BEGIN Source material

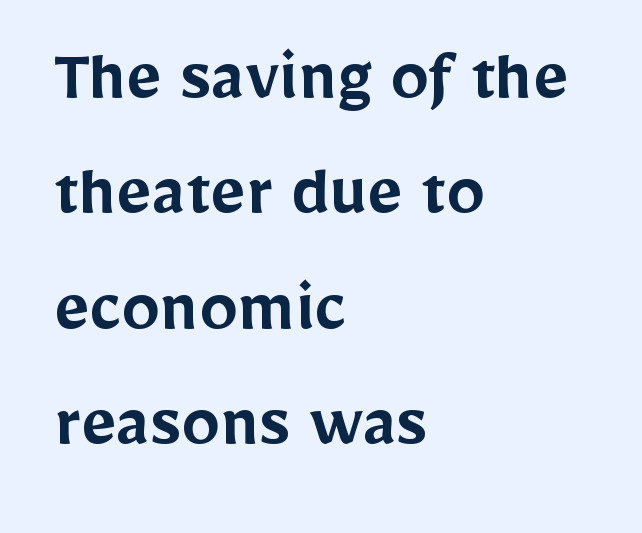
Q: Is the text bold? A: Semi-bold.
Q: Is the text italic (slanted)? A: No, it is upright.
Q: Is the typeface a serif or a sans-serif typeface? A: Sans-serif.
Q: Is the text underlined? A: No.
Q: How is the paragraph aligned? A: Left-aligned.
Q: Is the spacing between letters normal or unusually wide? A: Normal.
Q: Is the spacing between lines tight, normal or loose? A: Normal.
Q: Width (condensed, normal, or wide)? A: Normal.
Q: Stroke contrast? A: Low.
Q: x-height? A: Medium.
Q: Monospaced? A: No.

END Source material

▶ [What needs to be done]
All lines of the material that contain the string "text" are to be copied.

▶ [Your response]
Q: Is the text bold? A: Semi-bold.
Q: Is the text italic (slanted)? A: No, it is upright.
Q: Is the text underlined? A: No.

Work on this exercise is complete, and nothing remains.